Speaking to Analytics India Magazine, Yoshua Bengio, also agreed that “the bigger, the better” logic for AI is good, but not feasible in the long run. He said that by taking the latest architectures and simply scaling computer power, along with the hopes of increasing data, is a brute force technique and not one that tackles all other problems.
For quite some time now, there has been a debate about quality versus quantity of data that are being used to create AI models and deploy them. Google’s Francois Chollet said that increasing the size of data instead of the quality can ruin the models instead of tuning them better. 
It is also important to note that larger language models can lead to poor data quality and more fine tuning of parameters and heavy workloads, while smaller datasets can lead to more biases and lesser fine-tuning and minimal computational resources. But, the bias problem remains unaddressed, which can probably be solved using a multi-modal approach. A multi-modal approach refers to the use of multiple models or methods to achieve a goal or solve a problem. 

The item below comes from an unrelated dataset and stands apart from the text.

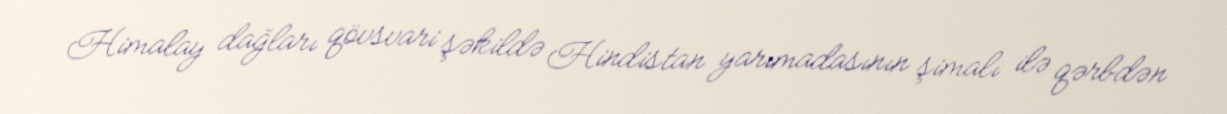
Himalay dağları qövsvari şəkildə Hindistan yarımadasının şimalı ilə qərbdən
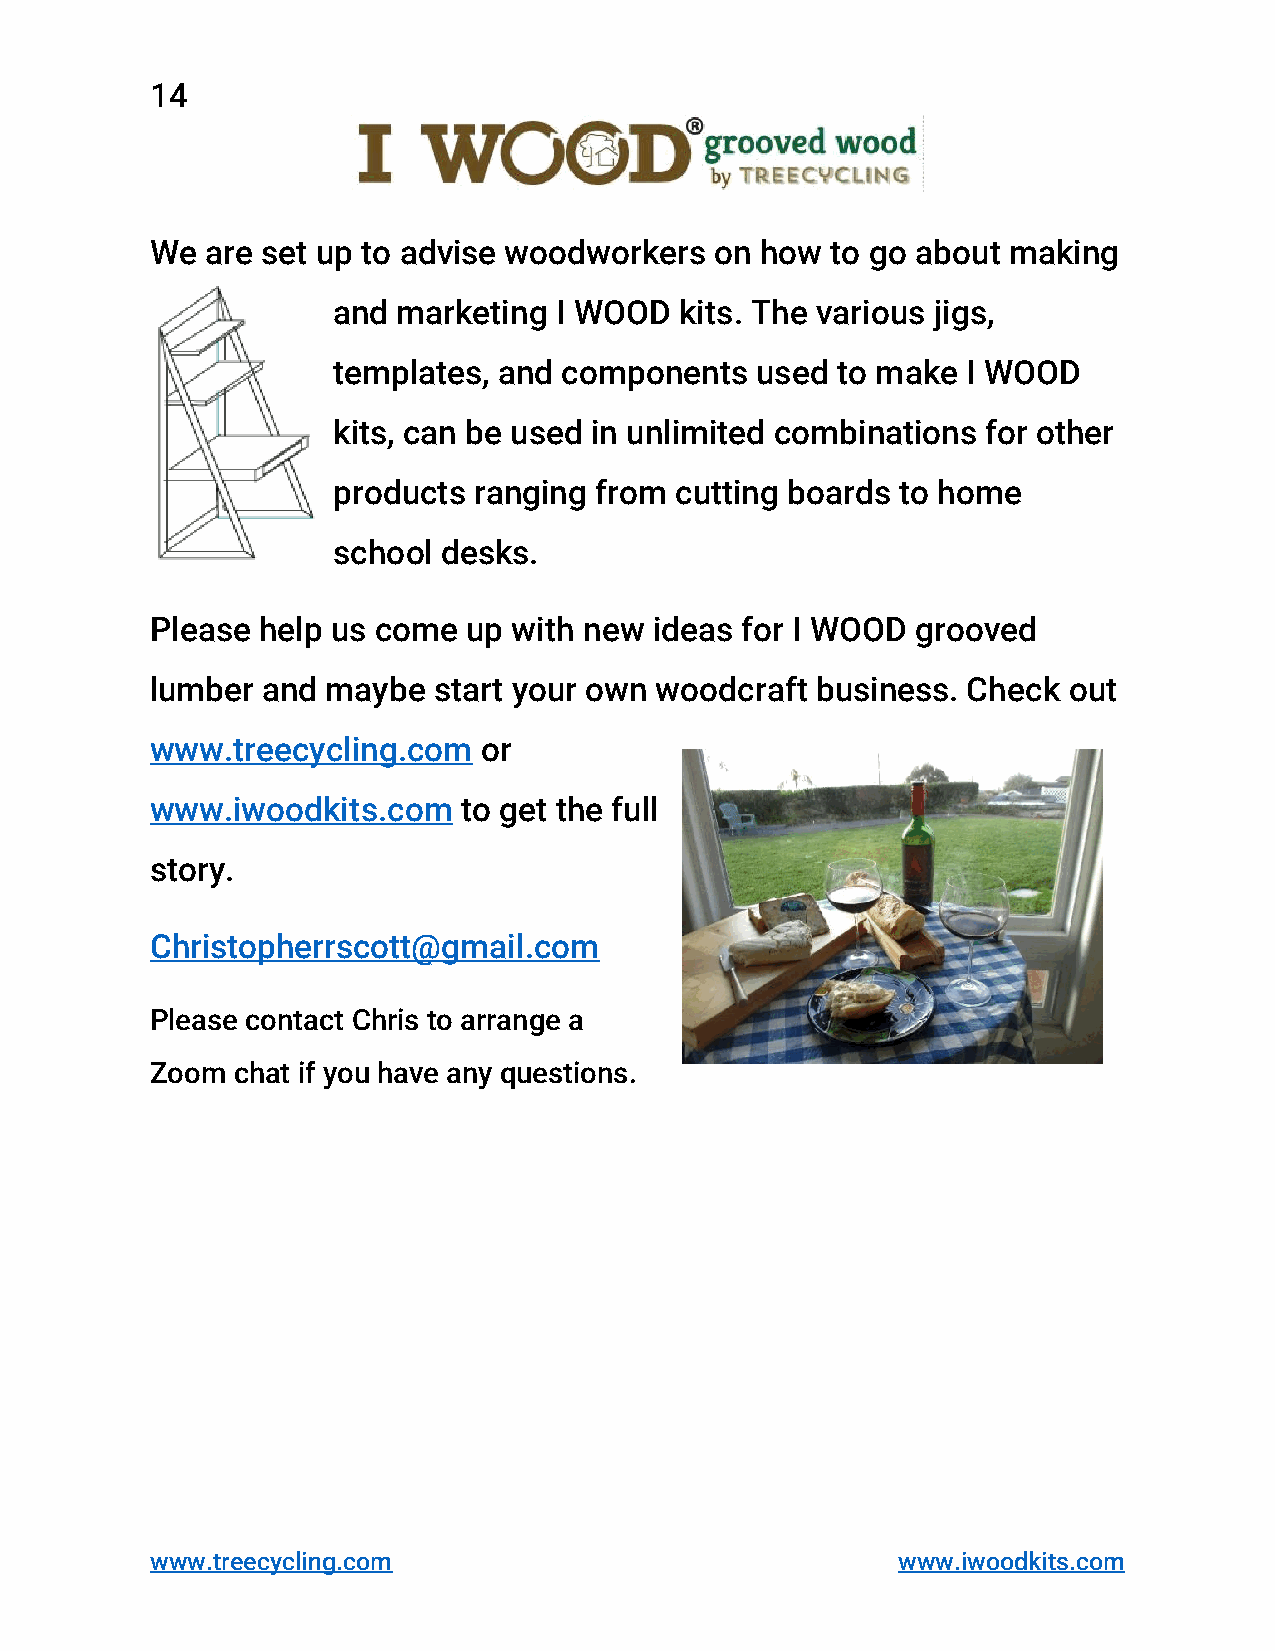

For instance, Yann LeCun suggests a different approach of using multi-modal to solve a single problem mimicking an animal’s brain. In this case, he proposes to use a configurator module, perception module, world module, cost module, short-term module, and actor module.
One of the redditors, who goes by the user name ‘Top-Avocado-2564,’ recently said that the current AI/ML systems are built in a way that they require large amounts of data. This happens because of a lack of diversity in deep learning research. The research is led by big tech companies that have the infrastructure and computing capabilities to support large volumes of data for computing. Therefore, there is a unidirectional understanding that if we can increase the amount of data, we can probably solve the current problems or limitations. 
Further, in the thread, another reddit user by the name, ‘piyabati’ said if we move back a decade and look at how the hardware limitations had led researchers to run comparatively smaller datasets enabling models to operate and infer with a degree of freedom, though it’d predicted incorrect results sometimes. When the hardware improved, researchers had a lot of labelled data to work with, which allowed improvements in the models.
Now, this has led to companies believing that increasing datasets and making them larger, without actually changing or improving the scientific understanding, is enough to make progress in AI. This tells us that the ‘data scarcity’ is as big of a problem as ‘lack of diversity’ in using the available data. 
Yann LeCun told AIM that there is not as much the scarcity of data as the scarcity of ways to take advantage of the data. When we compare the workings of a machine to a human being— essentially the goal— there is an obvious difference in training. Humans do not require the knowledge of a billion words to form a sentence like machines do. 
Been Kim, research scientist at Google Brain, said that science and engineering should go hand-in-hand. There is no grand unified theory which can assess when, or if even, a machine has become conscious. Until then we have to rely on mathematical optimisation and build machines that are a decimal percentage better than the last one. 
If you look at the present day AI systems like ChatGPT or DALL-E 2, they were not built with the intention of solving a specific problem. Their goal was to attempt to take steps towards building machines that can be trained on large amounts of data to produce ‘statistically’ and ‘mathematically’ better output, and nothing close to human intelligence. In other words, ‘human-task-imitating-machines,’ and not ‘human-like machines’. 
However, in the last few years, we have seen GPT-like models being used for healthcare, or solving protein-fold prediction problems. These are some examples of Narrow AI, when AI is built to focus on specific problems or use cases. This is most likely to be one of the plausible approaches, instead of a broader approach. 
Arguably, generative models like ChatGPT and DALL-E might be good for fun and entertainment purposes, but they fall short in the greater scheme of things. Examples of AI solving a specific issue, for example climate change, healthcare industry, or developing industrial AI, are somewhat missing. In addition, for any of these examples, the scarcity of data cannot be the limiting factor here.
Conference, in-person (Bangalore)
Machine Learning Developers Summit (MLDS) 2023
19-20th Jan, 2023
Early Bird Passes expire on 3rd Feb
Conference, in-person (Bangalore)
Rising 2023 | Women in Tech Conference
16-17th Mar, 2023
Conference, in-person (Bangalore)
Data Engineering Summit (DES) 2023
27-28th Apr, 2023
Conference, in-person (Bangalore)
MachineCon 2023
23rd Jun, 2023
Conference, in-person (Bangalore)
Cypher 2023
27-29th Sep, 2023
Discover special offers, top stories, upcoming events, and more.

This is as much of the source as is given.